Some caveats and notes
- In step 2, you’ll be able to management which tables your purchasers/jobs should write to utilizing some flag that may be fetched from exterior sources like setting variables, some database (like Redis) pointer, and properties recordsdata, and so on. That method you solely have to switch your shopper/job code as soon as and don’t need to hold modifying it for every step.
- In step 2, you might be capturing a timestamp that shall be used to calculate recordsdata wanted for step 3; this could possibly be affected by clock drift in your nodes.
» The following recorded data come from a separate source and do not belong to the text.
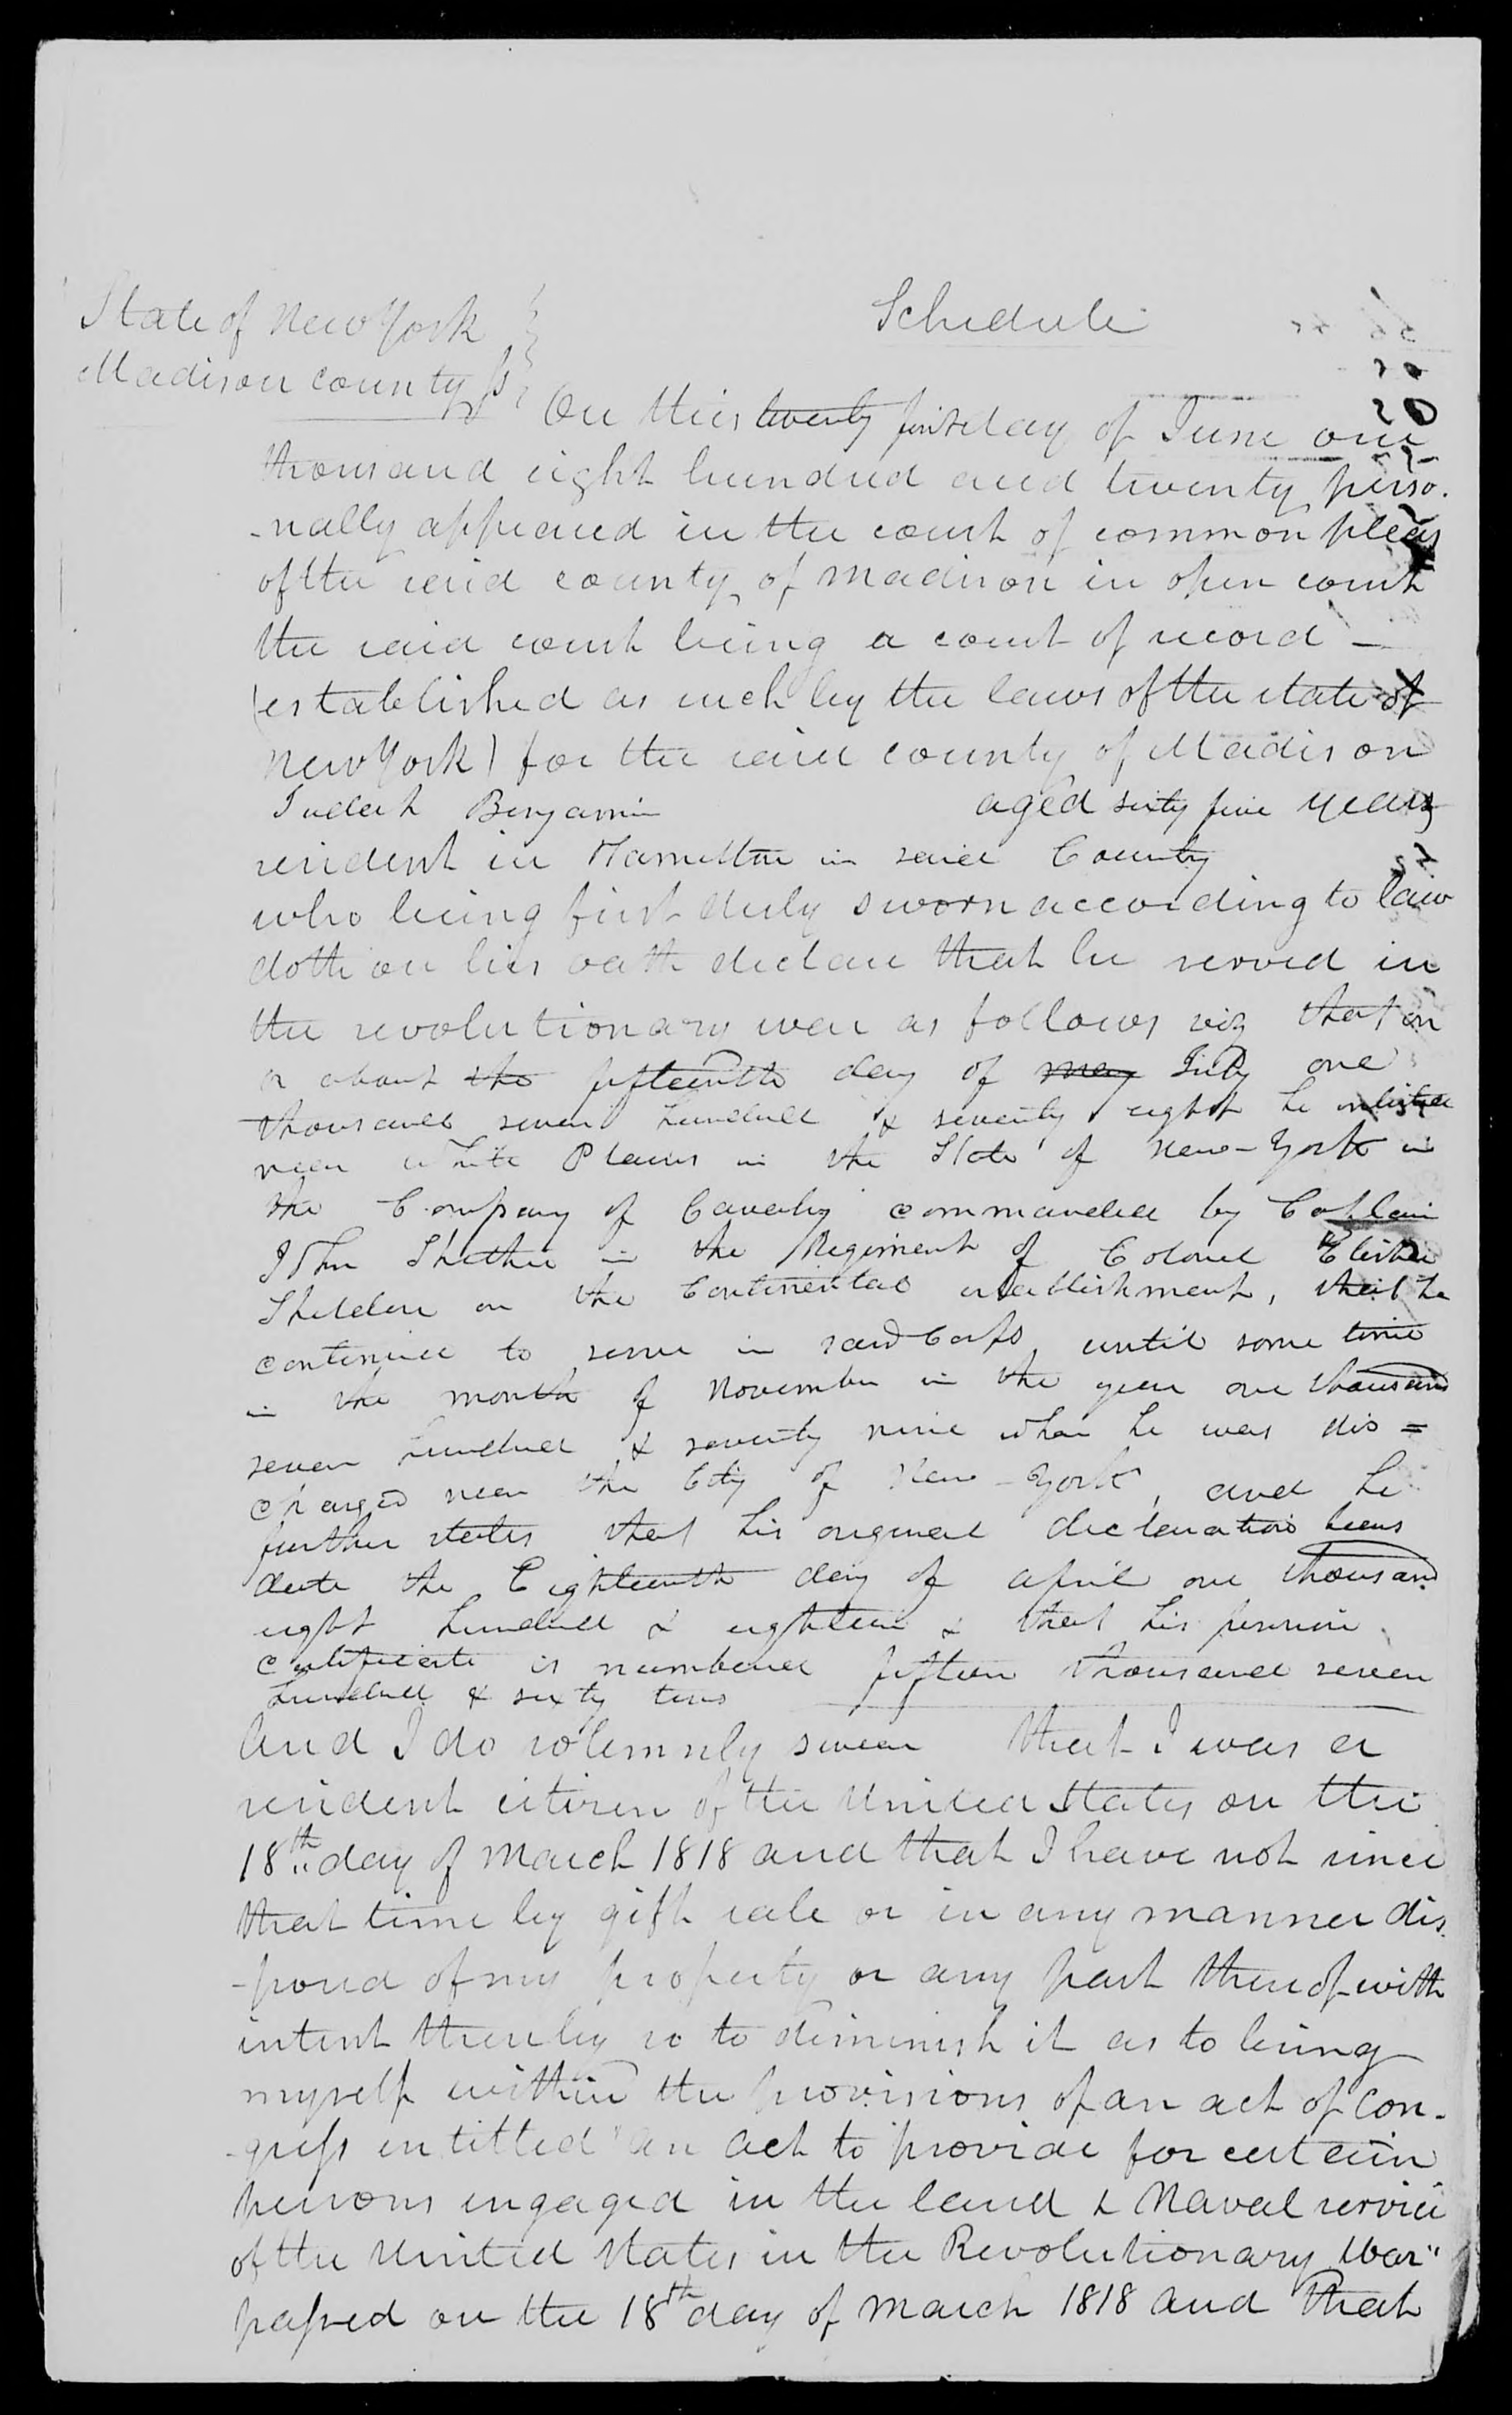Schedule
State of New York
Madison County SS.} On this twenty first day of June one thousand eight hundred and twenty personally appeared in the court of common pleas of the said County of Madison in open court the said court being a court of record (established as such by the laws of the state of New York) for the said County of Madison Judah Benjamin aged sixty five years resident in Hamilton in said County who being first duly sworn according to law doth on his oath declare that he served in the revolutionary war as follows viz  that on or about the fifteenth day of July one thousand seven hundred & seventy eight he enlisted near white Plains in the State of New York in the Company of Cavalry commanded by Captain John Shether in the  Regiment of Colonel Elisha Sheldon on the Continental establishment, that he continued to serve in said Corps until some time in the month of November in the year one thousand seven hundred & seventy nine when he was discharged near the City of New York, and he further states that his original declaration bears date the Eighteenth day of April one thousand eight hundred & eighteen & that his pension certificate is numbered fifteen thousand seven hundred & sixty two
And I do solemnly swear that I was a resident citizen of the United States on the 18th day of March 1818 and that I have not since that time by gift sale or in any manner disposed of my property or any part thereof with intent thereby so to diminish it as to bring myself within the provisions of an act of Congress entitled "an act to provide for certain persons engaged in the land & naval service of the United States in the Revolutionary War" passed on the 18th day of March 1818 and that [end of page]

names: Elisha Shelden, John Shather, Judah Benjamin
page: 4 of 34
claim: survivor's
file: S. 39981, Judah Benjamin, Continental (N. H. And N. Y.)

So that you may wish to sync all of your nodes earlier than you begin the migration course of.
- In case your desk is partitioned by date and time (as most actual world information is partitioned), as in all new information coming will go to a brand new partition on a regular basis, then you definitely may program your purchasers to begin writing to each the tables from a selected date and time. That method you simply have to fret about including the information from the previous desk (“occasions”) to the brand new desk (“Iceberg_events”) from that date and time, and you’ll make the most of your partitioning scheme and skip step 3 totally. That is the method that needs to be used at any time when potential.
Conclusion
Any giant migration is hard and needs to be thought by way of rigorously. Fortunately, as mentioned above there are a number of methods at our disposal to do it successfully relying in your use case. When you’ve got the flexibility to cease all of your jobs whereas the migration is going on it’s comparatively easy, however if you wish to migrate with minimal to no downtime then that requires some planning and cautious considering by way of your information format. You should utilize a mixture of the above approaches to finest fit your wants.
To study extra:
- For extra on desk migration, please discuss with respective on-line documentations in Cloudera Information Warehouse (CDW) and Cloudera Information Engineering (CDE).
- Watch our webinar Supercharge Your Analytics with Open Information Lakehouse Powered by Apache Iceberg. It features a stay demo recording of Iceberg capabilities.
- Attempt Cloudera Information Warehouse (CDW), Cloudera Information Engineering (CDE), and Cloudera Machine Studying (CML) by signing up for a 60 day trial, or take a look at drive CDP. It’s also possible to schedule a demo by clicking right here or if you have an interest in chatting about Apache Iceberg in CDP, contact your account staff.